As penalidades para condução de drogas são idênticas às de condução sob a influência de álcool. Se for condenado, as penas variam entre um mínimo de 12 meses de proibição de condução, a inscrição do incidente no seu registo criminal e a coima será elevada, podendo inclusivamente ser acumulada com pena de prisão de até 6 meses de prisão.

São cada vez mais as substâncias ilícitas criadas

Por existirem cada vez mais substâncias estupefacientes e os seus efeitos serem muitos e diversos, é necessário realizar mais investigações para compreender o impacto de cada uma delas na habilidade dos condutores para reagir face a situações complexas e imprevisíveis.

Para ficar impossibilitado de conduzir não tem de estar sob a influência de drogas ilegais, basta que seja tenha tomado uma medicação cujos efeitos sejam considerados como tendo consequências na forma com que o paciente consegue interagir com os comandos e com a capacidade de se manter alerta.

Leia sempre a bula, caso esta não seja clara e seja imprescindível combinar a toma do medicamento com a condução, fale antecipadamente com o seu médico, farmacêutico ou profissional de saúde, pois só assim poderá gerir as suas deslocações de forma responsável.
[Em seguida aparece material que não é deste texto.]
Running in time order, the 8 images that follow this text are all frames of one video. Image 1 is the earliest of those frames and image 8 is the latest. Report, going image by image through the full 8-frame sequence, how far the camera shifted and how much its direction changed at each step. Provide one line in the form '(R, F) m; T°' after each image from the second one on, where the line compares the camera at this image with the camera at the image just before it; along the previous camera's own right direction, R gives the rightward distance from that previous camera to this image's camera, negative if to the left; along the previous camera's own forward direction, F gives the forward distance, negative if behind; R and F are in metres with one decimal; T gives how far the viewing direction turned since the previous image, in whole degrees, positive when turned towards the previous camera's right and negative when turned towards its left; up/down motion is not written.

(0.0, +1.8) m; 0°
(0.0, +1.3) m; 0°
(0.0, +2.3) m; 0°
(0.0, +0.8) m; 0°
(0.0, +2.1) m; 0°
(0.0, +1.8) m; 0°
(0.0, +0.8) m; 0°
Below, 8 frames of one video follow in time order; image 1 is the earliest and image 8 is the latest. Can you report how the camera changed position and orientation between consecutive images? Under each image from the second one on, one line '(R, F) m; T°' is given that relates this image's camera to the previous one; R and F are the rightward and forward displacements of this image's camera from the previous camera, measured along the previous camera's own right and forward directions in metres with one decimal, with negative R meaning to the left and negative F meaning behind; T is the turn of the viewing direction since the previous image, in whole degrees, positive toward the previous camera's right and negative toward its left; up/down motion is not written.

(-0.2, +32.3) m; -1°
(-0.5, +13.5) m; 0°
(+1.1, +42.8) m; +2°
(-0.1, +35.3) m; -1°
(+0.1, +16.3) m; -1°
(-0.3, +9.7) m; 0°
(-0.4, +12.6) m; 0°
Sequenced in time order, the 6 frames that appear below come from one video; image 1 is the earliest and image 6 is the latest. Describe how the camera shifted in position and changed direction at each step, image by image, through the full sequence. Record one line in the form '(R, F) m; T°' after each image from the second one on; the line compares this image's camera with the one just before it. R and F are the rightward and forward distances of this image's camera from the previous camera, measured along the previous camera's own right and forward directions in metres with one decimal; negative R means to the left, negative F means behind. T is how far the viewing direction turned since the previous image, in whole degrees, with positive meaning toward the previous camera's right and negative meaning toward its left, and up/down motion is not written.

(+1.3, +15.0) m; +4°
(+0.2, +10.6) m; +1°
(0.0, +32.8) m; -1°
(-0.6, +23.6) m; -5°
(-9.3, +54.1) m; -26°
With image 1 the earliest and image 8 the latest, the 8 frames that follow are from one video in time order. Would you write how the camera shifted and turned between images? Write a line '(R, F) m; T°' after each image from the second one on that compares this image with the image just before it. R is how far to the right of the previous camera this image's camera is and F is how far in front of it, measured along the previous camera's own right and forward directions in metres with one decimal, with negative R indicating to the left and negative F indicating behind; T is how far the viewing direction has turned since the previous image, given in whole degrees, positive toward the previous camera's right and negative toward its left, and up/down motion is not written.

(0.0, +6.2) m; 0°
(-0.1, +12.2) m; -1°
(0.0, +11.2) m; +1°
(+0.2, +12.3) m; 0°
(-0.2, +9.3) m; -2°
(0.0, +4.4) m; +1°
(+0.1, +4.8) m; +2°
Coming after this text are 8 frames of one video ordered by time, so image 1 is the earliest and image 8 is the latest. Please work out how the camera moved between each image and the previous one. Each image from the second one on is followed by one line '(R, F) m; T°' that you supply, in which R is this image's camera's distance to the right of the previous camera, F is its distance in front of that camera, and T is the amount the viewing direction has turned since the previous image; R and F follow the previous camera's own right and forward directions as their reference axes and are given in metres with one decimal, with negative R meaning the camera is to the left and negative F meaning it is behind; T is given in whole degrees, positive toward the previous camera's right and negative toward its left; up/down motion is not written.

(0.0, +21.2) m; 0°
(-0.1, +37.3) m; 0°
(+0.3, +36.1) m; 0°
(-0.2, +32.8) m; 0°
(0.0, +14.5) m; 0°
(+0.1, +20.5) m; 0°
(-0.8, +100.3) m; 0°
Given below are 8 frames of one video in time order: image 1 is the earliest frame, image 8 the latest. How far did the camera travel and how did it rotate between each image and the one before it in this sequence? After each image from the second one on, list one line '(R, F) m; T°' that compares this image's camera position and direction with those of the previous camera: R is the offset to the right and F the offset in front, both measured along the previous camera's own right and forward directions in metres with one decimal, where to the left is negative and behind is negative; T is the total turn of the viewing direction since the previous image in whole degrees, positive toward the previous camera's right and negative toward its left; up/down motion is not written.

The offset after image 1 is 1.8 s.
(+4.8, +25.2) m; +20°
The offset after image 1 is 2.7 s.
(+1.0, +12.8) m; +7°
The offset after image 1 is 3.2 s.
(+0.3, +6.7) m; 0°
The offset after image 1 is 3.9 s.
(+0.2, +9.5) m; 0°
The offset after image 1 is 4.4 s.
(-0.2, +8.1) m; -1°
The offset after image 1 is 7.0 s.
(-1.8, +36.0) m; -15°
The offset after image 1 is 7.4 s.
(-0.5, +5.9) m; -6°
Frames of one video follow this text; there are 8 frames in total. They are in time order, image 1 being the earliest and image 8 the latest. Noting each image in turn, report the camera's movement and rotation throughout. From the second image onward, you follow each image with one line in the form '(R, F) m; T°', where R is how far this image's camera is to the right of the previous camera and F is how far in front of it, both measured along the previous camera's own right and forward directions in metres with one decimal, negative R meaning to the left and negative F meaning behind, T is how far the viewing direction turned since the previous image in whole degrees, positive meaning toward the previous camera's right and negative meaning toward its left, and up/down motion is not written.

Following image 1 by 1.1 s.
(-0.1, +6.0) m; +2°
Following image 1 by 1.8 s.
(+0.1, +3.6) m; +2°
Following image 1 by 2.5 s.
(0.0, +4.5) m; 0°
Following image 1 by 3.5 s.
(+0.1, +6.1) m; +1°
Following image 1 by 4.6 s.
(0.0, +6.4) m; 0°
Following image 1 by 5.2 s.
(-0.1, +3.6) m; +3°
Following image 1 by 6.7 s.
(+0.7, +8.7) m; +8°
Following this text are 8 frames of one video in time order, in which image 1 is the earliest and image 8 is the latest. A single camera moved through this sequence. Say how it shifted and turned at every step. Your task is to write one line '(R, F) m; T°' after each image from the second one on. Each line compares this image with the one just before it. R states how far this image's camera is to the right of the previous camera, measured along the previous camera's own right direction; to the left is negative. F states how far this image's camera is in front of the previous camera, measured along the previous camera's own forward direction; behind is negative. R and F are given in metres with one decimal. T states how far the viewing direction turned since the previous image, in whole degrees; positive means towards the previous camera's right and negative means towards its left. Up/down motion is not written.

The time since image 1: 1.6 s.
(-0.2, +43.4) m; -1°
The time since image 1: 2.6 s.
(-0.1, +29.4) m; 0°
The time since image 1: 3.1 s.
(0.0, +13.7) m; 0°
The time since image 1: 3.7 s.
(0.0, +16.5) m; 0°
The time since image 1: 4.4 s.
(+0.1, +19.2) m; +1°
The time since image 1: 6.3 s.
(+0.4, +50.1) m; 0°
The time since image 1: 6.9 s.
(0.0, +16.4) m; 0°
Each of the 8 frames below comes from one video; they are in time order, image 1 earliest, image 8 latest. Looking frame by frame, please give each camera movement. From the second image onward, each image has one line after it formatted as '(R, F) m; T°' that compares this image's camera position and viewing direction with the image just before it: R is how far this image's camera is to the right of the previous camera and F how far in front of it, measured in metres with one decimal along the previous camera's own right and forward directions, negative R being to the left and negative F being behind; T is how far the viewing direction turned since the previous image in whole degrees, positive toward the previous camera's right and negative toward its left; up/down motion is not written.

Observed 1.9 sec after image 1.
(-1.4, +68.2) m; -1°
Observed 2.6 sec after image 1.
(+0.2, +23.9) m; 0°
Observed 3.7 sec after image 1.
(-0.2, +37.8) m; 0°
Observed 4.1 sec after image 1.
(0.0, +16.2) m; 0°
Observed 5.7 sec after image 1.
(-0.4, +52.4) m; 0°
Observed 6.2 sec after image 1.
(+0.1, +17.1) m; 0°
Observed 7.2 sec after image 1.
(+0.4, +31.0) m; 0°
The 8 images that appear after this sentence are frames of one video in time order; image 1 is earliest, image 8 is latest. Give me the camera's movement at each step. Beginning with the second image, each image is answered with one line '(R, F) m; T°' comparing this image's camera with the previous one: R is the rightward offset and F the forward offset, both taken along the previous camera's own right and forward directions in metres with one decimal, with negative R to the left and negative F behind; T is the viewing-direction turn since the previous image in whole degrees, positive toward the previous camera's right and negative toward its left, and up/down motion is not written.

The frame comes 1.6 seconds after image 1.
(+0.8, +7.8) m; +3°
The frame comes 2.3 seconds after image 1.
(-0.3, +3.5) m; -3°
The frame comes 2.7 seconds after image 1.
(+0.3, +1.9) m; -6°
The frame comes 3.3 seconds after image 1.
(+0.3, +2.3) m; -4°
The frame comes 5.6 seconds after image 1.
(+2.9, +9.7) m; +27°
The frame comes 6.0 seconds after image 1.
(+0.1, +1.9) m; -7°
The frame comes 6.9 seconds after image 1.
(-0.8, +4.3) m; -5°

As consequências de uma condenação por drogas são de longo alcance e podem incluir outras consequências acessórias, como perda de emprego, perda de independência, um eventual aumento dos custos de seguro do seu veículo, a vergonha de ter um registo criminal, que até poderá impedir a contratação para determinados trabalhos e dificuldades de mobilidade devido à dificuldade, ou até impossibilidade, em entrar em diversos países como os EUA, por exemplo.

Como as drogas prejudicam a condução

A condução sob a influência de drogas é extremamente perigosa e pode afetar habilidades de condução em um número de maneiras, os consumidores de cannabis muitas vezes pensam que são mais seguros quando estão sob a influência, porque  conduzem mais devagar. No entanto, a cannabis diminui de velocidade de reação e de tomada de decisão. Também pode distorcer a perceção de tempo e distância.

No caso da cocaína leva a uma sensação de excesso de confiança e isso se reflete no estilo de condução, normalmente executam uma condução de elevado risco, com manobras agressivas, geralmente circulam a grandes velocidades. A Ecstasy (MDMA) é extremamente perigosa pois resulta em visão distorcida, percepção mais apurada dos sons, a apreciação dos riscos fica deturpada e possuem uma atitude excessivamente confiante na condução.